私が一番近かったのに…
「先輩、幸奈はエロい女じゃないですよ」

息を切らしながら、愁が駆けつけてくれた。
私の肩に手を置く先輩の手を振り払い、私の腕を引っ張った。

「行くぞ。店長が今来てるから、報告する」

先輩を置き去りにし、二人で飛び出した。
バックヤード兼、休憩室に店長がいたため、そこで軽く事の説明をした。

「…ということがありました。そろそろ彼をクビにするべきかと」

今まで全てのことを知らないでいた店長は、驚いた顔をしていた。
それもそうだ。表向きは真面目で通っているのだから、驚かずにはいられないであろう。

「…そうだったのか。今まで辞めていった人達全員が、一身上の都合って言ってたから、バイト自体が楽しくなくなっちゃったのかな?と思いきや、彼との関係のことで悩んでいたのか」

気を落としていた。それもそうだ。自分がもし、もっと早く気づいていたら、辞めなくてもいい人達が、辞めずに済んだのかもしれないのだから。

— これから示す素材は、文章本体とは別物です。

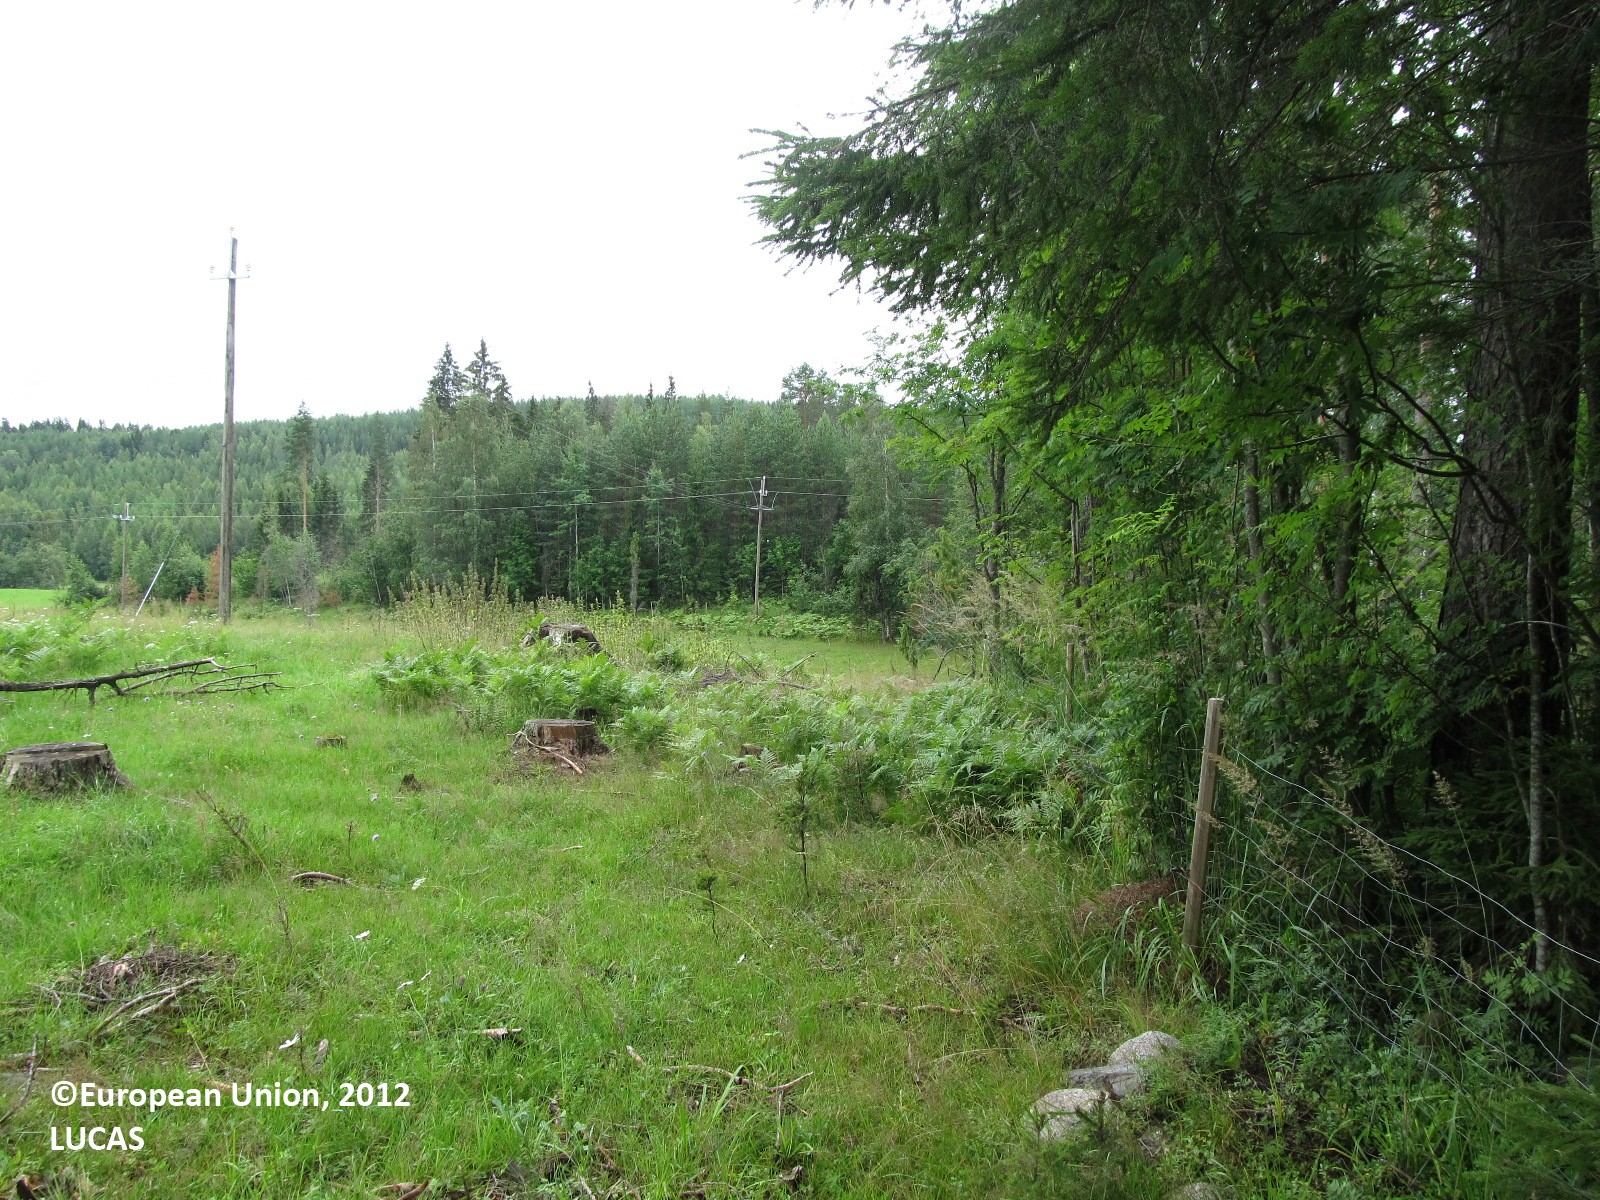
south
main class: Grassland
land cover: Grassland without tree/shrub cover
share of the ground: 25 - 50 %
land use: Forestry
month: July
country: FI
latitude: 61.8472
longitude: 29.0175
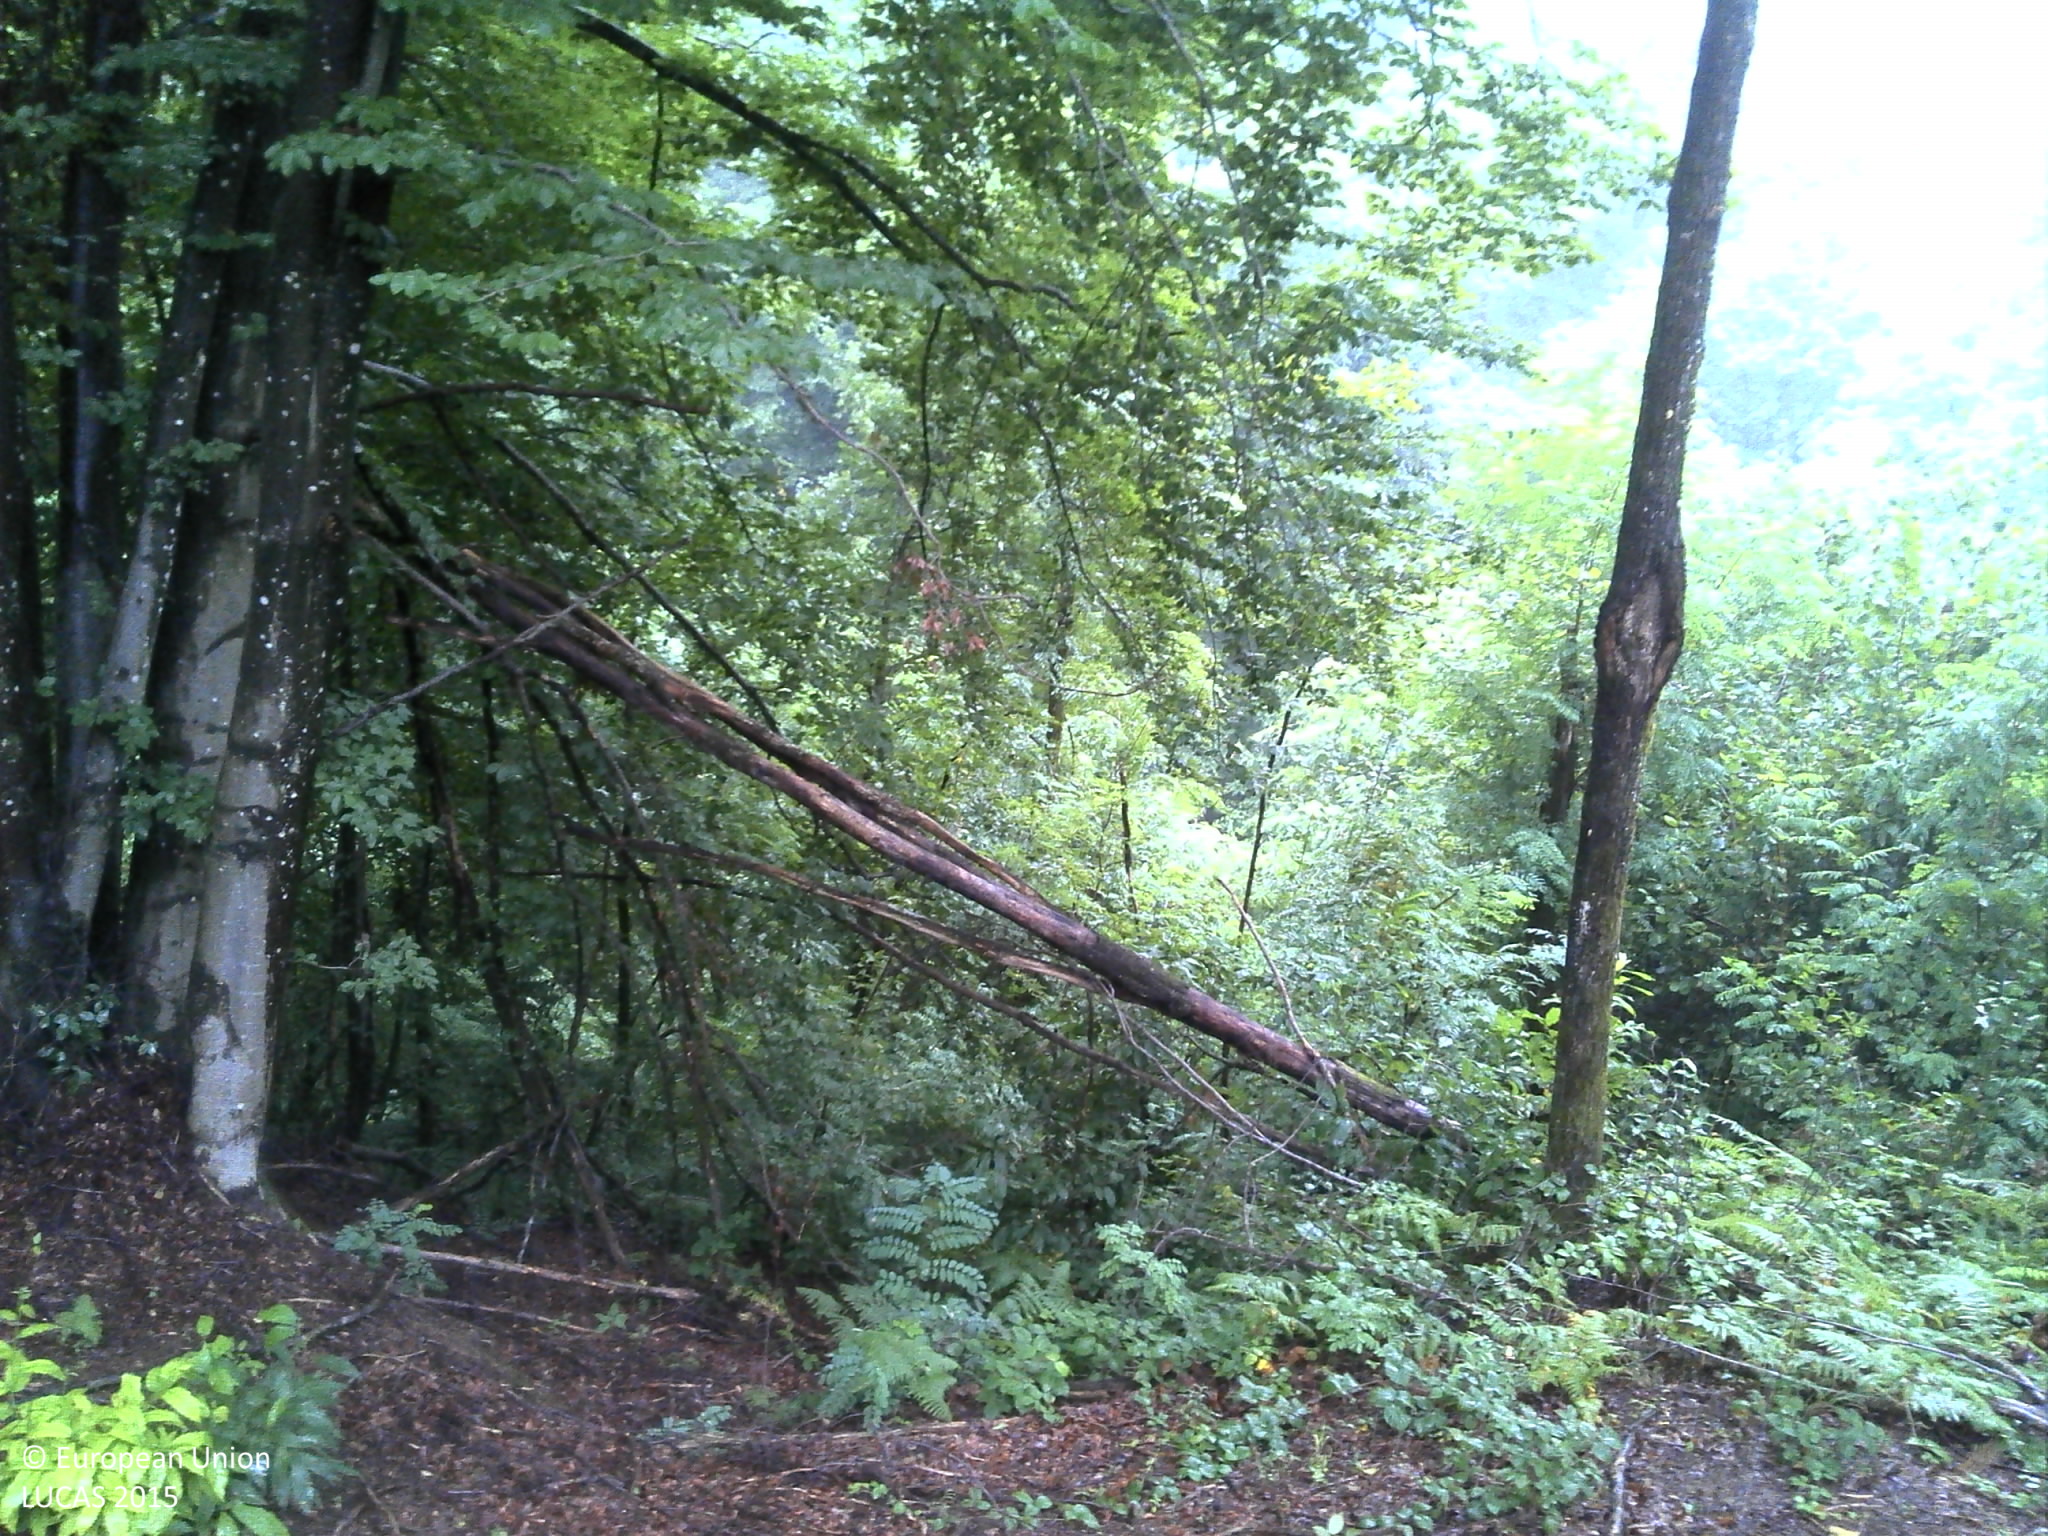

「大平さん、岩城くん、教えてくれてありがとう。この後、彼とちゃんと話し合ってみるよ。辞めてもらえるように」

困った時には、すぐに動いてくれる店長のことを、とても頼もしい人だなと思った。
初バイトがここでよかった。こんなに良い上司は他にいないかもしれないと、恵まれた環境に胸が熱くなった。

「よかった。あの先輩がついに、いなくなるかもしれなくて…」

どうやら愁の中では、ずっと気がかりだったようだ。
愁はどうしてそこまで、先輩を毛嫌いするのだろうか。昔、先輩と何かあったのだろうか。